#美联储是否加息? #token2049 #带你看看币安Launchpad #解析cyber #fdusd
There are many exchanges that include contract sections, including coin-based and U-based. Many people are not sure which one is better. In fact, there is no good or bad, only whether it is suitable or not.
"Currency standard" refers to the corresponding underlying products used for position opening and final delivery. For example, if you want to go long or short BTC, you need to deposit BTC into the contract account, and the final loss or profit will also be settled in BTC.
Coin-based contracts refer to contracts made with currencies other than USDT, with currencies used as margin. Taking Bitcoin as an example, coin-based contracts are contracts that use Bitcoin to earn Bitcoin. The profit and loss settlement during the transaction process are all settled in Bitcoin, and the specific profit needs to be calculated based on the rise and fall of the value of the currency itself.
Or you can understand it this way: the corresponding underlying products are used for opening positions and final delivery. For example, if you want to go long or short BTC, you need to deposit BTC into the contract account, and the final loss or profit will also be settled in BTC.
The U standard uses USDT as margin, and the profits and losses of the contracts are settled in USDT.
Or understand it this way, "U standard" means that USDT is used as the circulation certificate for opening positions and final delivery. No matter whether you are long or short BTC or ETH and other currencies, you need to deposit USDT into the contract account, and the final loss or profit will be settled in USDT.

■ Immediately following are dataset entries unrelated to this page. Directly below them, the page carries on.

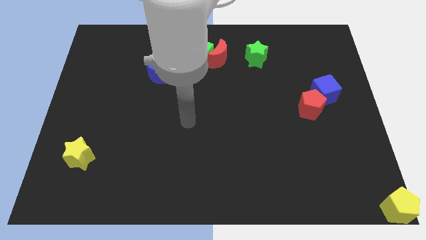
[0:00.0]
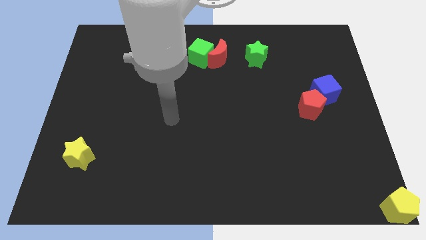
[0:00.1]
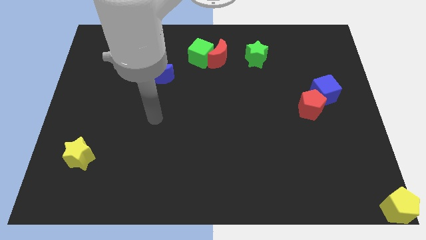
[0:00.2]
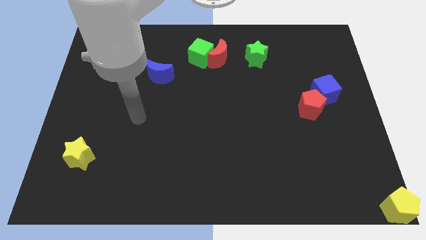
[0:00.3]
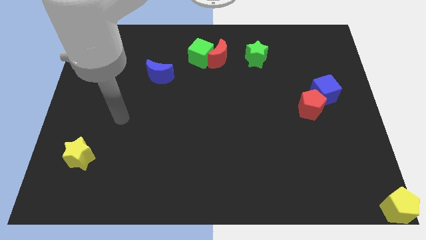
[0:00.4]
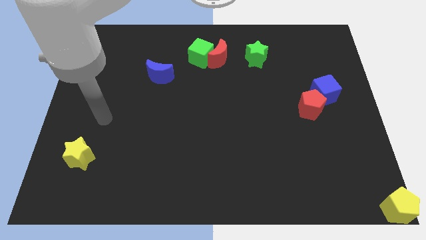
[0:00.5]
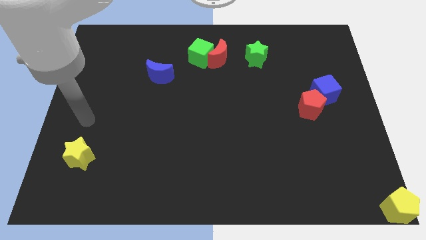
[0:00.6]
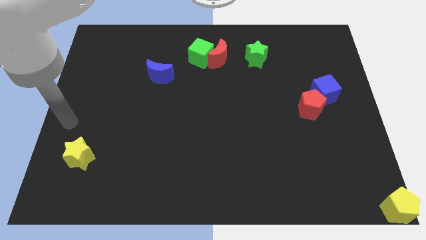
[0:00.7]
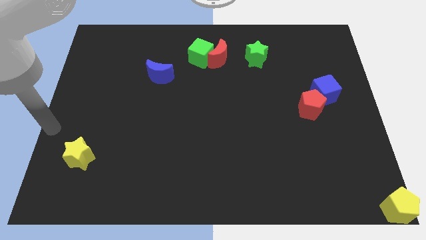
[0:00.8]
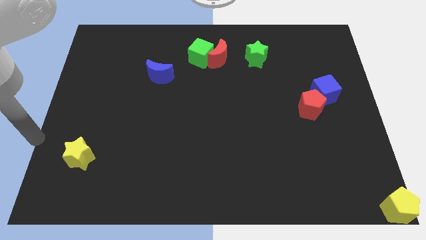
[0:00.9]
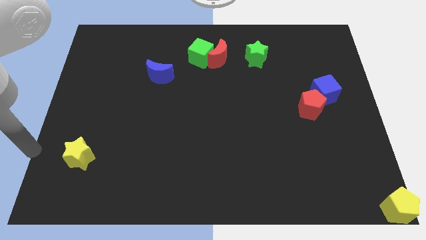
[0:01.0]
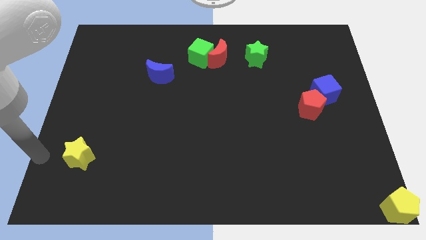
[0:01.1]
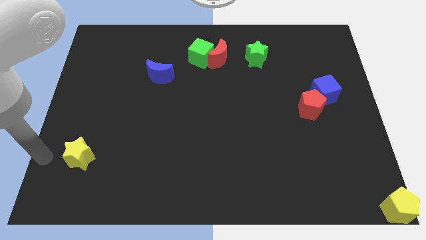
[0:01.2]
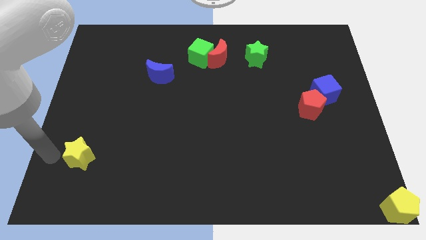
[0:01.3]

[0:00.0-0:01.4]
move the arm towards the yellow star
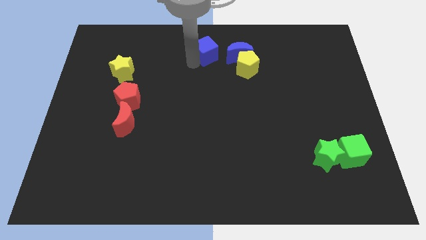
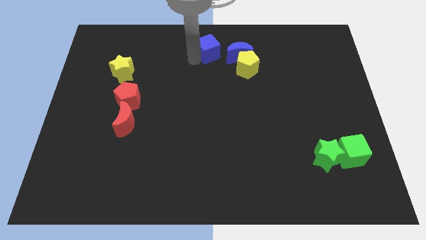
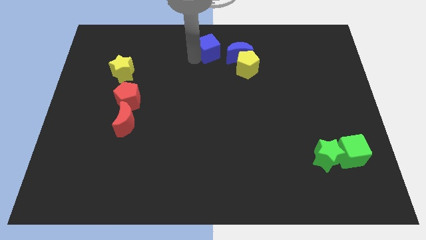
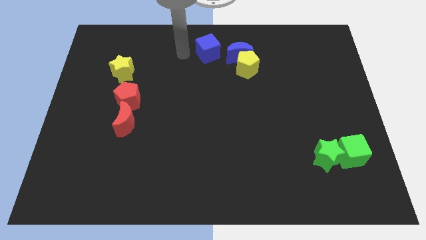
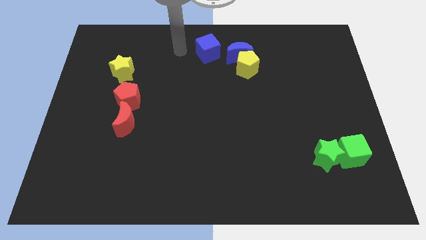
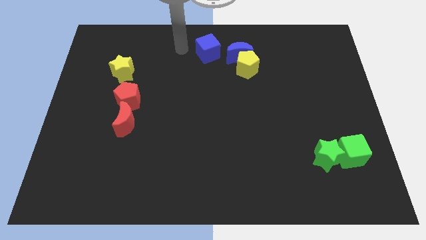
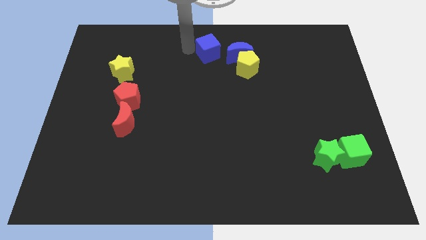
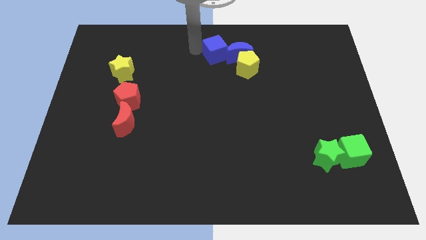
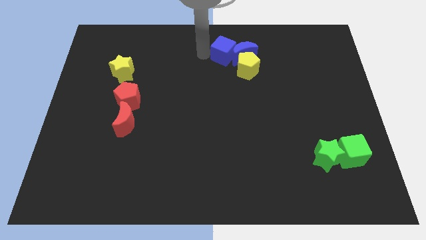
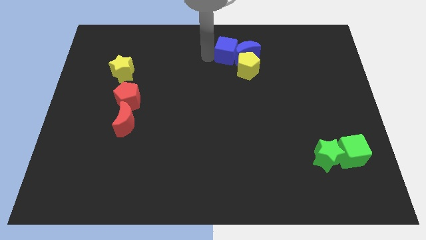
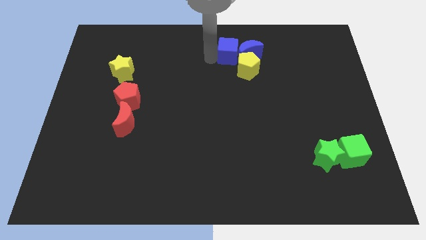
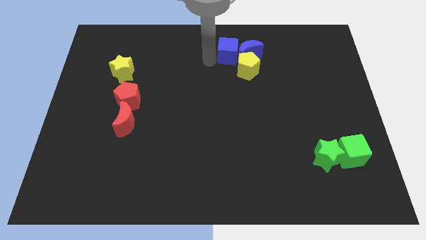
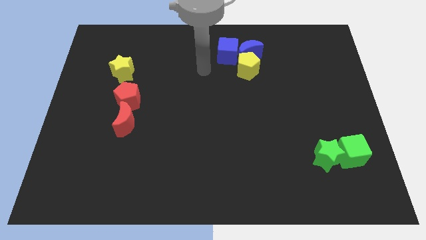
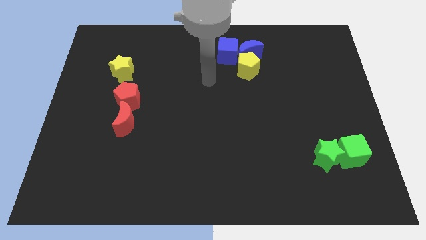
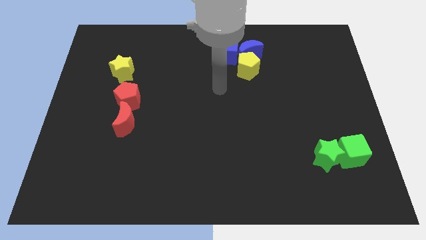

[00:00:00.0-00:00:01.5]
move blue cube into the blue crescent towards the right side

So how do you choose currency standard or U standard?
I think: when going long, it is more beneficial to choose the currency standard. When going short, you should choose the U standard.
When the market is bullish, choose to go long on the coin basis. The coins pledged in the contract and the coins earned are rising, and the value of the coins themselves is also rising. Therefore, coin-based contracts are suitable for use in a bull market, while in a bear market, due to the depreciation of the coins, hedging or even losses may occur. When the market is bearish, choose to go short on the U basis. Although the player's coins will depreciate to a certain extent, since USDT is a relatively stable coin, the U earned will not depreciate. Whether the player's coins themselves depreciate has little effect on profits and losses. Therefore, using the U-based contract in a bear market will bring more profits. For players who cannot distinguish between bear and bull markets, the U-based contract is a safer choice.
The same is true for friends who choose leverage. Using U or coins as collateral is the same as the above situation. When bullish, you can use coins as collateral, because the rise is not only profitable because you choose the right direction, but also because the collateral coins bring profits because of the rise. This is the operation method of maximizing benefits.
Similarly, using U as collateral is a safer choice. Whether you choose right or wrong, it will not affect the actual value of your collateral U.
Let’s talk about the difference between full position and position by position.
In the full-position mode, all available balances in your leverage or contract account will be used as margin for your position. Full-position margin, also known as "cross-period margin", means using all available balances to avoid forced liquidation. Any other positions that have realized profits can help increase margin on losing positions. In the full-position mode, traders have a lower risk of forced liquidation of their positions.
In isolated position mode, the margin locked when the initial order is placed is the maximum loss of this position. When a position is forced to close, none of your available balance will be used to increase the margin of this position. By isolating the margin used for a position, you can limit the loss of this position to the initial margin amount, which will help you when your short-term speculative trading strategy fails.
In the full-position mode, the user's position margin will change with price changes. In the position-by-position mode, the margin required when opening a position will remain fixed. In general, the full-position mode is suitable for hedging traders, while the position-by-position mode is suitable for short-term investors to better implement risk control strategies.